Would you please transcribe, exactly as written, the lines of the entries below starting at the one that holds "148.725C65.918 156.596 83.915" and ending at the one that holds "35.837L37.332 43.548C37.296 43.908", both included?

··········

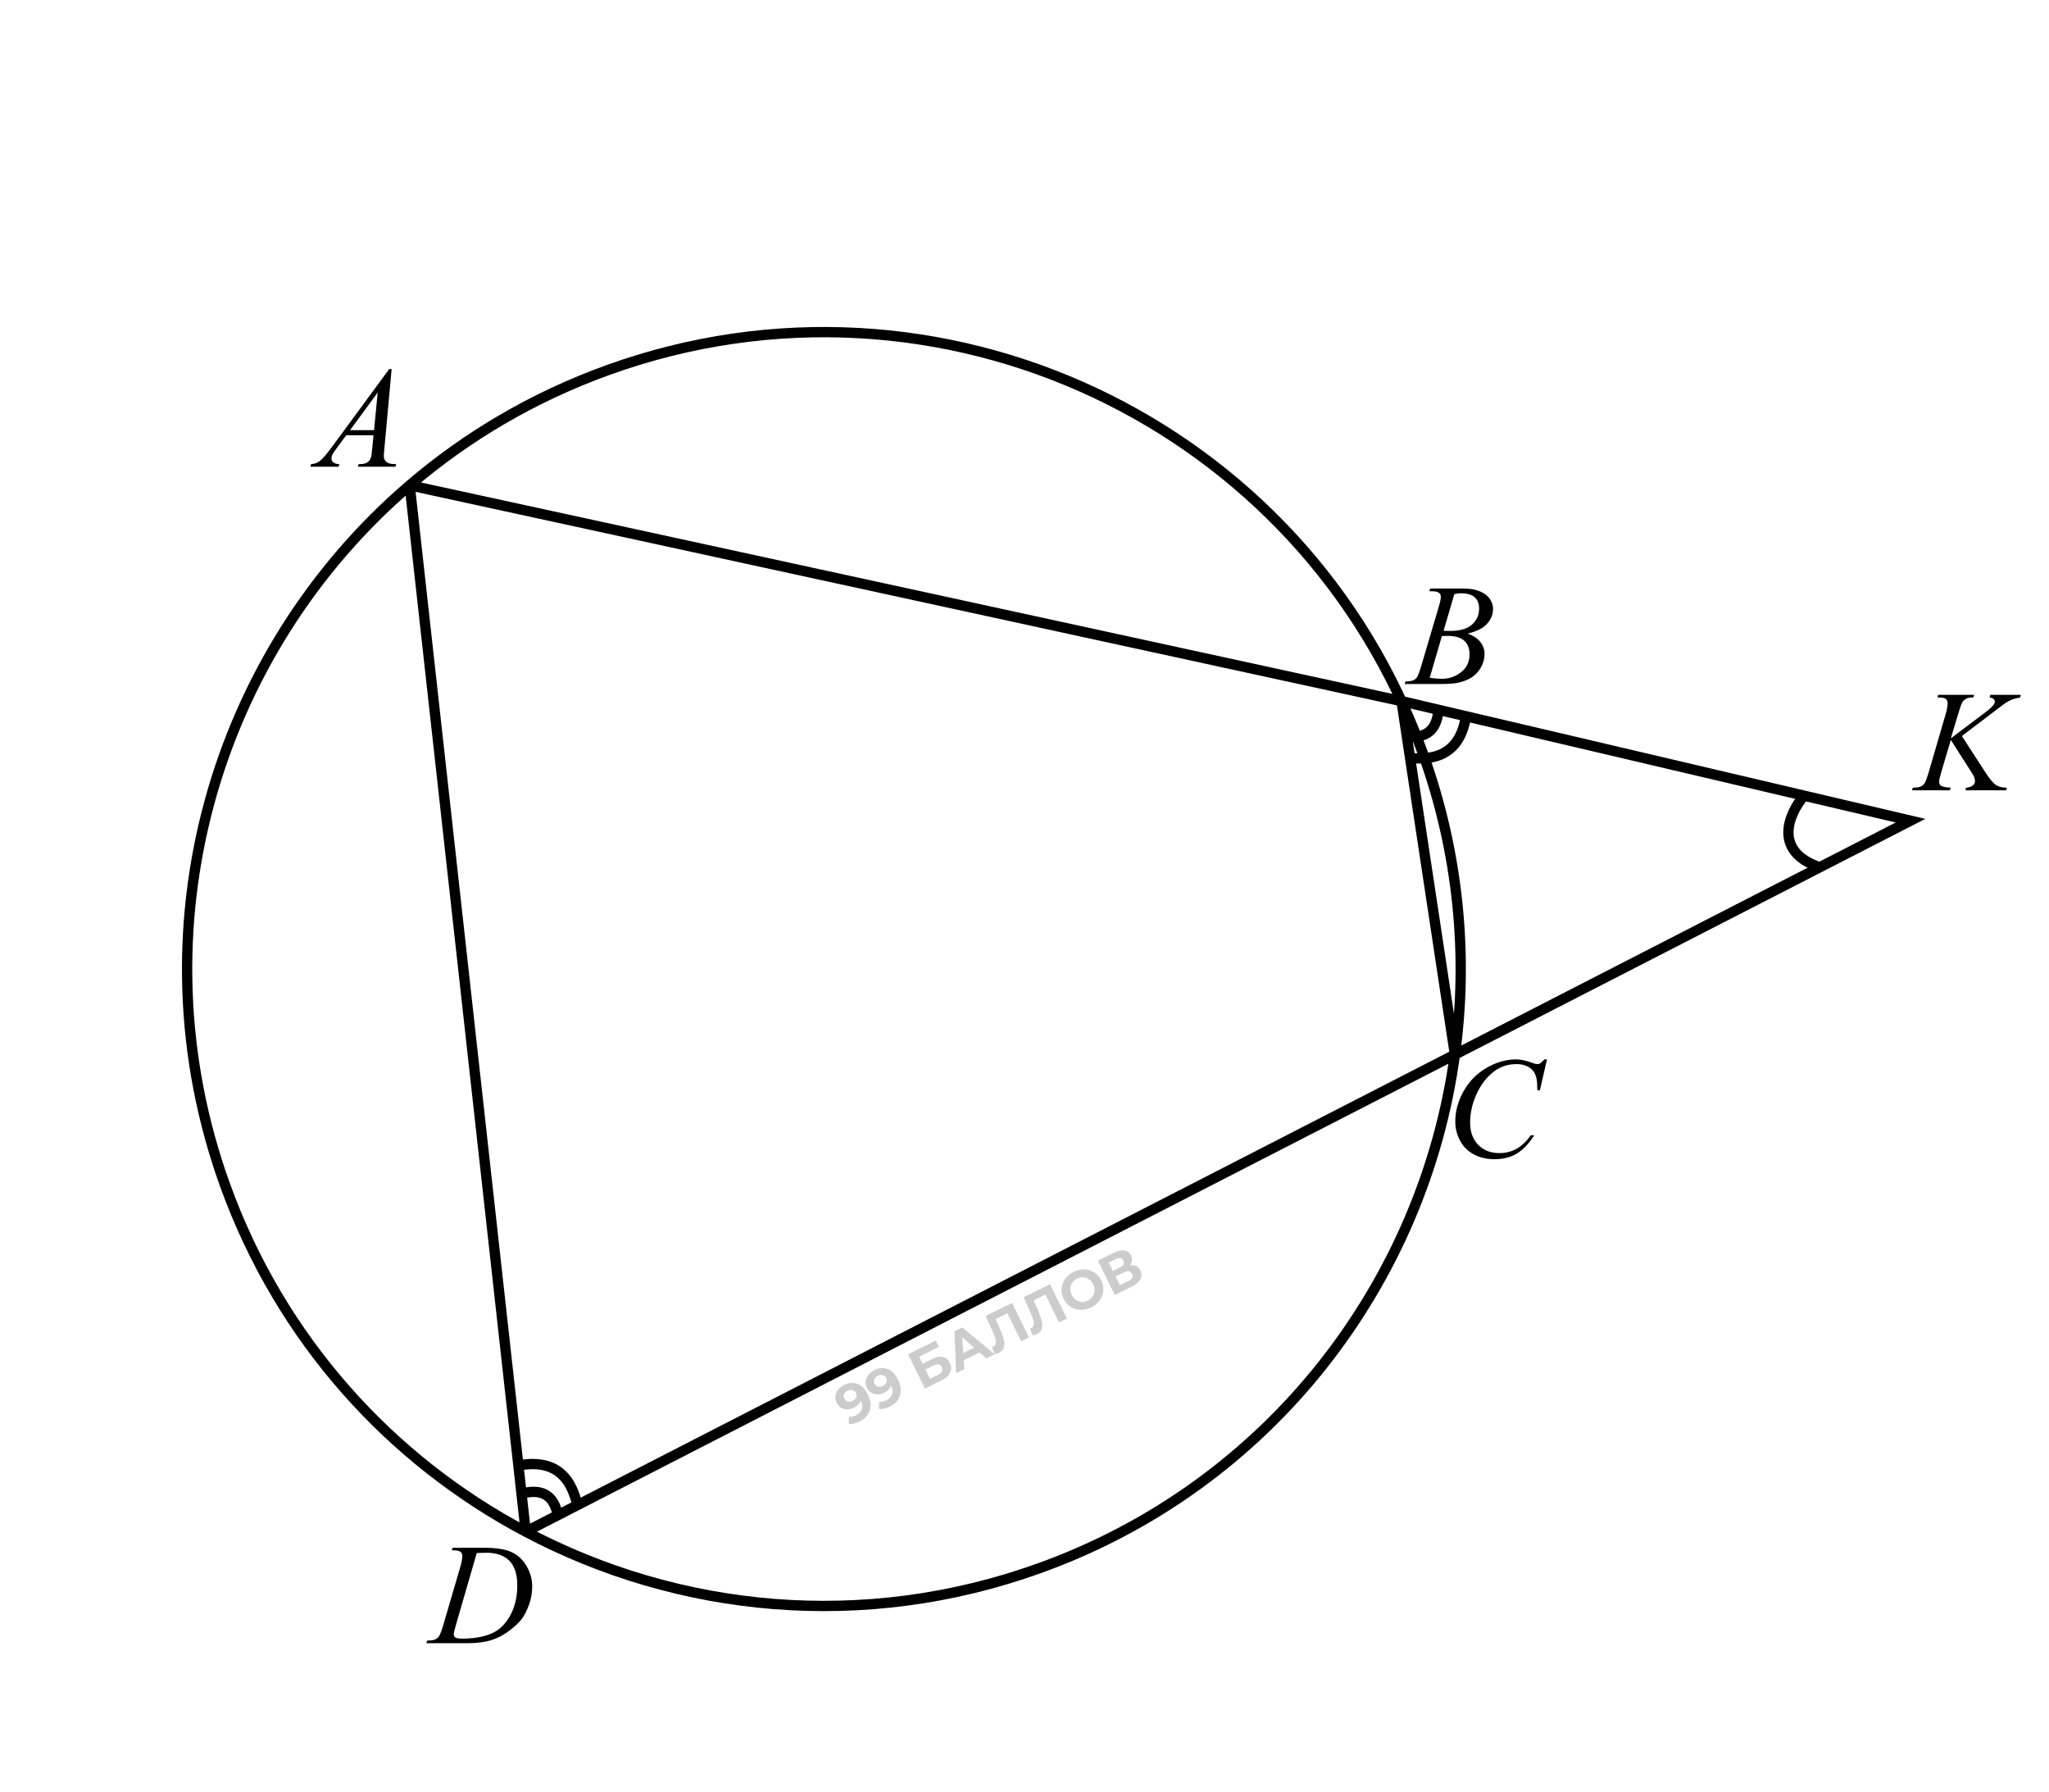 <svg width="199" height="174" viewBox="0 0 199 174" fill="none" xmlns="http://www.w3.org/2000/svg">
<path d="M51.059 148.725C65.918 156.596 83.915 158.414 100.981 152.264C123.403 144.184 138.29 124.487 141.302 102.402M51.059 148.725C37.947 141.778 27.278 130.118 21.851 115.058C12.891 90.195 20.843 63.354 39.788 47.123M51.059 148.725L39.788 47.123M51.059 148.725L141.302 102.402M39.788 47.123C45.322 42.381 51.795 38.545 59.057 35.928C91.183 24.351 126.611 41.008 138.188 73.134C141.685 82.838 142.605 92.844 141.302 102.402M39.788 47.123L136.114 68.079M136.114 68.079L185.549 79.689L141.302 102.402M136.114 68.079L141.302 102.402" stroke="black"/>
<path d="M38.036 35.837L37.332 43.548C37.296 43.908 37.277 44.145 37.277 44.259C37.277 44.441 37.312 44.58 37.38 44.676C37.467 44.808 37.583 44.906 37.728 44.97C37.879 45.033 38.13 45.065 38.48 45.065L38.405 45.318H34.755L34.83 45.065H34.987C35.283 45.065 35.525 45.002 35.712 44.874C35.844 44.787 35.947 44.644 36.02 44.443C36.07 44.302 36.117 43.969 36.163 43.445L36.273 42.27H33.62L32.677 43.548C32.463 43.835 32.328 44.042 32.273 44.17C32.219 44.293 32.191 44.409 32.191 44.519C32.191 44.664 32.251 44.79 32.369 44.895C32.488 44.999 32.684 45.056 32.957 45.065L32.882 45.318H30.141L30.216 45.065C30.553 45.052 30.849 44.94 31.105 44.73C31.364 44.516 31.749 44.063 32.26 43.37L37.797 35.837H38.036ZM36.683 38.113L33.996 41.77H36.327L36.683 38.113Z" fill="black"/>
<path d="M138.813 57.403L138.909 57.15H142.218C142.774 57.15 143.268 57.237 143.701 57.41C144.139 57.583 144.465 57.825 144.679 58.135C144.897 58.445 145.007 58.773 145.007 59.119C145.007 59.652 144.813 60.135 144.426 60.568C144.043 60.997 143.416 61.313 142.546 61.519C143.106 61.728 143.519 62.006 143.783 62.352C144.048 62.699 144.18 63.079 144.18 63.494C144.18 63.954 144.061 64.394 143.824 64.814C143.587 65.233 143.282 65.559 142.908 65.791C142.539 66.023 142.092 66.194 141.568 66.304C141.195 66.381 140.611 66.42 139.818 66.42H136.421L136.51 66.167C136.865 66.158 137.107 66.124 137.234 66.064C137.417 65.987 137.547 65.884 137.624 65.757C137.733 65.584 137.879 65.187 138.062 64.567L139.723 58.955C139.864 58.481 139.935 58.148 139.935 57.957C139.935 57.788 139.871 57.656 139.743 57.56C139.62 57.46 139.383 57.41 139.032 57.41C138.955 57.41 138.882 57.408 138.813 57.403ZM140.201 61.252C140.497 61.261 140.712 61.266 140.844 61.266C141.792 61.266 142.496 61.06 142.956 60.65C143.421 60.236 143.653 59.718 143.653 59.099C143.653 58.629 143.512 58.265 143.229 58.005C142.947 57.741 142.496 57.608 141.876 57.608C141.712 57.608 141.502 57.636 141.247 57.69L140.201 61.252ZM138.854 65.818C139.347 65.882 139.732 65.914 140.01 65.914C140.721 65.914 141.35 65.7 141.896 65.272C142.448 64.843 142.724 64.262 142.724 63.528C142.724 62.968 142.553 62.53 142.211 62.216C141.874 61.901 141.327 61.744 140.57 61.744C140.424 61.744 140.247 61.751 140.037 61.765L138.854 65.818Z" fill="black"/>
<path d="M150.245 102.867L149.555 105.868H149.309L149.281 105.116C149.258 104.843 149.206 104.599 149.124 104.385C149.042 104.171 148.919 103.986 148.755 103.831C148.591 103.672 148.383 103.549 148.133 103.462C147.882 103.371 147.604 103.325 147.299 103.325C146.483 103.325 145.77 103.549 145.159 103.995C144.38 104.565 143.769 105.369 143.327 106.408C142.963 107.265 142.78 108.133 142.78 109.013C142.78 109.91 143.042 110.628 143.566 111.166C144.09 111.699 144.772 111.966 145.61 111.966C146.244 111.966 146.807 111.825 147.299 111.542C147.796 111.259 148.256 110.824 148.68 110.236H149.001C148.5 111.034 147.944 111.622 147.333 112C146.722 112.374 145.991 112.561 145.139 112.561C144.382 112.561 143.712 112.403 143.129 112.089C142.546 111.77 142.101 111.323 141.796 110.749C141.491 110.175 141.338 109.557 141.338 108.896C141.338 107.885 141.609 106.9 142.151 105.943C142.694 104.986 143.437 104.234 144.38 103.688C145.328 103.141 146.283 102.867 147.244 102.867C147.695 102.867 148.201 102.974 148.762 103.188C149.008 103.28 149.186 103.325 149.295 103.325C149.404 103.325 149.5 103.302 149.582 103.257C149.664 103.211 149.801 103.081 149.992 102.867H150.245Z" fill="black"/>
<path d="M43.875 150.541L43.957 150.288H46.917C48.17 150.288 49.098 150.432 49.699 150.719C50.305 151.006 50.788 151.459 51.148 152.079C51.508 152.694 51.688 153.355 51.688 154.062C51.688 154.668 51.584 155.258 51.374 155.832C51.169 156.402 50.934 156.86 50.67 157.206C50.41 157.548 50.009 157.926 49.467 158.341C48.925 158.756 48.337 159.063 47.703 159.264C47.07 159.46 46.279 159.558 45.331 159.558H41.407L41.496 159.305C41.856 159.296 42.098 159.264 42.221 159.209C42.403 159.132 42.537 159.027 42.624 158.895C42.756 158.703 42.904 158.318 43.068 157.739L44.709 152.134C44.837 151.692 44.9 151.345 44.9 151.095C44.9 150.917 44.841 150.78 44.723 150.685C44.604 150.589 44.372 150.541 44.025 150.541H43.875ZM46.302 150.801L44.292 157.739C44.142 158.259 44.066 158.58 44.066 158.703C44.066 158.776 44.089 158.847 44.135 158.915C44.185 158.983 44.251 159.029 44.333 159.052C44.452 159.093 44.643 159.113 44.907 159.113C45.623 159.113 46.286 159.04 46.897 158.895C47.512 158.744 48.015 158.523 48.407 158.231C48.963 157.808 49.408 157.224 49.74 156.481C50.073 155.739 50.239 154.893 50.239 153.945C50.239 152.874 49.984 152.079 49.474 151.56C48.963 151.035 48.218 150.773 47.238 150.773C46.997 150.773 46.685 150.783 46.302 150.801Z" fill="black"/>
<path d="M190.537 71.47L192.834 75.018C193.244 75.647 193.584 76.05 193.853 76.228C194.121 76.401 194.475 76.487 194.912 76.487L194.837 76.74H190.886L190.947 76.487C191.262 76.455 191.483 76.38 191.61 76.262C191.743 76.143 191.809 76.009 191.809 75.858C191.809 75.722 191.786 75.59 191.74 75.462C191.704 75.371 191.572 75.147 191.344 74.792L189.464 71.846L188.555 74.915C188.404 75.407 188.329 75.738 188.329 75.906C188.329 76.079 188.393 76.212 188.521 76.303C188.648 76.394 188.963 76.455 189.464 76.487L189.354 76.74H185.69L185.779 76.487C186.135 76.478 186.374 76.446 186.497 76.392C186.679 76.31 186.814 76.205 186.9 76.077C187.019 75.89 187.165 75.503 187.338 74.915L188.972 69.316C189.095 68.888 189.156 68.544 189.156 68.284C189.156 68.102 189.097 67.963 188.979 67.867C188.865 67.772 188.639 67.724 188.302 67.724H188.165L188.247 67.471H191.727L191.658 67.724C191.371 67.719 191.157 67.751 191.016 67.819C190.82 67.915 190.676 68.038 190.585 68.189C190.494 68.339 190.359 68.715 190.182 69.316L189.464 71.695L192.759 69.214C193.196 68.886 193.483 68.626 193.62 68.435C193.702 68.316 193.743 68.209 193.743 68.113C193.743 68.031 193.7 67.951 193.613 67.874C193.531 67.796 193.404 67.746 193.23 67.724L193.299 67.471H196.266L196.204 67.724C195.881 67.778 195.607 67.851 195.384 67.942C195.165 68.029 194.939 68.15 194.707 68.305C194.639 68.35 194.194 68.688 193.374 69.316L190.537 71.47Z" fill="black"/>
<path d="M136.742 71.547C136.913 71.418 139.277 72.063 139.664 69.269" stroke="black"/>
<path d="M136.938 73.675C137.256 73.434 141.671 74.639 142.394 69.42" stroke="black"/>
<path d="M175.22 77.256C173.777 78.925 172.069 82.656 176.777 84.225" stroke="black"/>
<path d="M54.188 146.983C54.012 146.862 53.874 144.415 51.101 144.934" stroke="black"/>
<path d="M56.145 146.122C55.815 145.896 55.559 141.327 50.379 142.295" stroke="black"/>
<path d="M81.979 134.489C82.287 134.337 82.583 134.27 82.868 134.287C83.153 134.305 83.415 134.406 83.657 134.591C83.896 134.773 84.105 135.045 84.284 135.406C84.473 135.791 84.56 136.152 84.546 136.491C84.534 136.828 84.436 137.129 84.251 137.394C84.066 137.658 83.805 137.874 83.469 138.04C83.294 138.126 83.116 138.19 82.936 138.231C82.755 138.273 82.587 138.285 82.432 138.266L82.438 137.559C82.562 137.577 82.682 137.573 82.799 137.547C82.915 137.517 83.03 137.474 83.144 137.418C83.43 137.277 83.614 137.078 83.696 136.821C83.782 136.561 83.74 136.26 83.571 135.918C83.543 135.86 83.51 135.798 83.472 135.729C83.434 135.661 83.392 135.595 83.345 135.532L83.653 135.628C83.66 135.779 83.636 135.921 83.579 136.055C83.522 136.186 83.439 136.306 83.331 136.415C83.221 136.52 83.085 136.613 82.923 136.693C82.71 136.798 82.495 136.85 82.279 136.851C82.065 136.849 81.867 136.797 81.686 136.693C81.508 136.587 81.367 136.43 81.264 136.22C81.151 135.992 81.109 135.768 81.139 135.548C81.172 135.326 81.262 135.124 81.409 134.941C81.557 134.754 81.747 134.603 81.979 134.489ZM82.31 135.041C82.199 135.096 82.112 135.165 82.05 135.247C81.987 135.325 81.95 135.415 81.939 135.514C81.928 135.611 81.947 135.71 81.997 135.811C82.072 135.964 82.183 136.061 82.33 136.103C82.479 136.14 82.639 136.117 82.81 136.032C82.921 135.977 83.01 135.908 83.075 135.825C83.142 135.736 83.181 135.642 83.191 135.543C83.201 135.443 83.182 135.346 83.135 135.25C83.088 135.155 83.023 135.083 82.939 135.033C82.858 134.979 82.763 134.952 82.657 134.953C82.55 134.951 82.434 134.98 82.31 135.041ZM84.915 133.041C85.223 132.889 85.52 132.822 85.805 132.84C86.089 132.857 86.352 132.958 86.593 133.143C86.833 133.325 87.042 133.597 87.22 133.959C87.41 134.343 87.497 134.704 87.483 135.043C87.471 135.38 87.373 135.681 87.188 135.946C87.003 136.211 86.742 136.426 86.405 136.592C86.231 136.678 86.053 136.742 85.872 136.784C85.692 136.825 85.524 136.837 85.369 136.819L85.375 136.111C85.499 136.129 85.619 136.125 85.736 136.099C85.852 136.07 85.967 136.027 86.081 135.971C86.367 135.83 86.551 135.63 86.633 135.373C86.718 135.114 86.677 134.813 86.507 134.47C86.479 134.413 86.447 134.35 86.409 134.282C86.371 134.214 86.329 134.148 86.282 134.084L86.59 134.181C86.597 134.331 86.572 134.474 86.516 134.608C86.459 134.739 86.376 134.859 86.267 134.967C86.157 135.073 86.022 135.165 85.86 135.245C85.647 135.35 85.432 135.403 85.215 135.403C85.002 135.402 84.804 135.349 84.623 135.245C84.444 135.14 84.304 134.982 84.2 134.773C84.088 134.544 84.046 134.32 84.076 134.1C84.109 133.879 84.199 133.677 84.345 133.494C84.494 133.306 84.684 133.155 84.915 133.041ZM85.247 133.594C85.136 133.649 85.049 133.717 84.987 133.799C84.923 133.878 84.886 133.967 84.876 134.067C84.865 134.163 84.884 134.262 84.934 134.364C85.009 134.516 85.12 134.613 85.267 134.655C85.416 134.693 85.576 134.669 85.747 134.584C85.858 134.53 85.946 134.46 86.012 134.377C86.079 134.289 86.117 134.195 86.127 134.095C86.137 133.995 86.119 133.898 86.072 133.803C86.025 133.707 85.96 133.635 85.876 133.586C85.794 133.531 85.7 133.505 85.594 133.506C85.487 133.503 85.371 133.533 85.247 133.594ZM89.834 134.831L88.191 131.498L90.881 130.171L91.184 130.786L89.26 131.734L89.598 132.42L90.522 131.964C90.925 131.766 91.273 131.699 91.566 131.764C91.861 131.827 92.088 132.019 92.246 132.34C92.409 132.67 92.418 132.985 92.274 133.285C92.13 133.585 91.843 133.84 91.415 134.052L89.834 134.831ZM90.319 133.882L91.09 133.501C91.287 133.404 91.419 133.292 91.486 133.164C91.552 133.033 91.548 132.893 91.475 132.744C91.331 132.452 91.055 132.406 90.649 132.606L89.878 132.986L90.319 133.882ZM92.859 133.34L92.702 129.274L93.464 128.898L96.597 131.497L95.788 131.896L93.118 129.554L93.423 129.404L93.65 132.95L92.859 133.34ZM93.25 132.259L93.166 131.572L94.88 130.727L95.379 131.21L93.25 132.259ZM97.022 131.353C96.965 131.381 96.902 131.406 96.834 131.428C96.769 131.448 96.696 131.468 96.615 131.488L96.341 130.812C96.392 130.803 96.441 130.787 96.489 130.763C96.619 130.699 96.695 130.597 96.716 130.456C96.736 130.312 96.712 130.132 96.646 129.916C96.579 129.701 96.48 129.448 96.348 129.157L95.729 127.782L98.291 126.519L99.934 129.852L99.172 130.228L97.752 127.347L98.015 127.436L96.544 128.161L96.61 127.898L97.015 128.793C97.167 129.125 97.288 129.426 97.378 129.697C97.468 129.969 97.521 130.211 97.535 130.425C97.55 130.639 97.517 130.823 97.435 130.978C97.353 131.132 97.216 131.257 97.022 131.353ZM100.708 129.536C100.65 129.564 100.588 129.589 100.52 129.611C100.455 129.631 100.382 129.651 100.301 129.671L100.027 128.996C100.078 128.986 100.127 128.97 100.174 128.947C100.304 128.882 100.38 128.78 100.402 128.639C100.421 128.495 100.398 128.315 100.331 128.1C100.264 127.884 100.165 127.631 100.034 127.341L99.415 125.965L101.977 124.702L103.62 128.035L102.858 128.411L101.438 125.53L101.701 125.619L100.229 126.345L100.295 126.081L100.701 126.976C100.852 127.308 100.973 127.61 101.064 127.881C101.154 128.152 101.206 128.394 101.221 128.608C101.236 128.822 101.202 129.006 101.12 129.161C101.039 129.316 100.901 129.441 100.708 129.536ZM105.981 126.943C105.717 127.073 105.451 127.15 105.184 127.176C104.919 127.199 104.666 127.174 104.424 127.1C104.186 127.024 103.969 126.904 103.774 126.74C103.581 126.575 103.424 126.368 103.302 126.12C103.18 125.873 103.112 125.622 103.098 125.369C103.086 125.114 103.125 124.868 103.213 124.631C103.302 124.394 103.436 124.178 103.616 123.983C103.796 123.788 104.016 123.626 104.276 123.497C104.54 123.368 104.802 123.291 105.063 123.269C105.328 123.245 105.579 123.271 105.818 123.347C106.06 123.421 106.278 123.54 106.474 123.705C106.667 123.866 106.826 124.071 106.95 124.322C107.072 124.57 107.139 124.823 107.152 125.081C107.163 125.336 107.125 125.582 107.036 125.819C106.95 126.051 106.816 126.264 106.636 126.46C106.459 126.653 106.241 126.814 105.981 126.943ZM105.652 126.288C105.801 126.214 105.925 126.122 106.024 126.01C106.126 125.896 106.201 125.769 106.249 125.627C106.297 125.484 106.315 125.336 106.302 125.18C106.291 125.024 106.247 124.866 106.169 124.707C106.091 124.548 105.992 124.417 105.874 124.314C105.759 124.209 105.631 124.132 105.489 124.084C105.35 124.034 105.204 124.015 105.052 124.027C104.9 124.038 104.749 124.081 104.6 124.155C104.451 124.228 104.325 124.322 104.223 124.435C104.125 124.547 104.051 124.674 104.003 124.816C103.955 124.958 103.936 125.108 103.946 125.264C103.959 125.42 104.005 125.577 104.083 125.735C104.16 125.891 104.256 126.023 104.373 126.131C104.491 126.235 104.62 126.311 104.759 126.361C104.901 126.41 105.048 126.428 105.2 126.416C105.352 126.404 105.503 126.361 105.652 126.288ZM108.27 125.743L106.627 122.41L108.18 121.644C108.567 121.453 108.905 121.379 109.195 121.422C109.484 121.465 109.697 121.624 109.833 121.901C109.968 122.174 109.971 122.436 109.843 122.689C109.713 122.938 109.48 123.146 109.144 123.312L109.136 123.067C109.51 122.883 109.837 122.814 110.117 122.861C110.397 122.909 110.607 123.074 110.746 123.357C110.89 123.649 110.892 123.934 110.753 124.211C110.615 124.484 110.335 124.725 109.913 124.933L108.27 125.743ZM108.755 124.794L109.603 124.376C109.781 124.288 109.899 124.187 109.956 124.071C110.014 123.956 110.007 123.826 109.935 123.68C109.866 123.54 109.769 123.459 109.644 123.438C109.517 123.414 109.365 123.445 109.188 123.533L108.34 123.951L108.755 124.794ZM108.075 123.413L108.794 123.058C108.962 122.975 109.073 122.879 109.125 122.77C109.177 122.658 109.169 122.536 109.104 122.402C109.038 122.269 108.946 122.19 108.827 122.166C108.707 122.138 108.563 122.166 108.395 122.249L107.676 122.603L108.075 123.413Z" fill="black" fill-opacity="0.2"/>
</svg>

··········

◆ Output ◆
<path d="M51.059 148.725C65.918 156.596 83.915 158.414 100.981 152.264C123.403 144.184 138.29 124.487 141.302 102.402M51.059 148.725C37.947 141.778 27.278 130.118 21.851 115.058C12.891 90.195 20.843 63.354 39.788 47.123M51.059 148.725L39.788 47.123M51.059 148.725L141.302 102.402M39.788 47.123C45.322 42.381 51.795 38.545 59.057 35.928C91.183 24.351 126.611 41.008 138.188 73.134C141.685 82.838 142.605 92.844 141.302 102.402M39.788 47.123L136.114 68.079M136.114 68.079L185.549 79.689L141.302 102.402M136.114 68.079L141.302 102.402" stroke="black"/>
<path d="M38.036 35.837L37.332 43.548C37.296 43.908 37.277 44.145 37.277 44.259C37.277 44.441 37.312 44.58 37.38 44.676C37.467 44.808 37.583 44.906 37.728 44.97C37.879 45.033 38.13 45.065 38.48 45.065L38.405 45.318H34.755L34.83 45.065H34.987C35.283 45.065 35.525 45.002 35.712 44.874C35.844 44.787 35.947 44.644 36.02 44.443C36.07 44.302 36.117 43.969 36.163 43.445L36.273 42.27H33.62L32.677 43.548C32.463 43.835 32.328 44.042 32.273 44.17C32.219 44.293 32.191 44.409 32.191 44.519C32.191 44.664 32.251 44.79 32.369 44.895C32.488 44.999 32.684 45.056 32.957 45.065L32.882 45.318H30.141L30.216 45.065C30.553 45.052 30.849 44.94 31.105 44.73C31.364 44.516 31.749 44.063 32.26 43.37L37.797 35.837H38.036ZM36.683 38.113L33.996 41.77H36.327L36.683 38.113Z" fill="black"/>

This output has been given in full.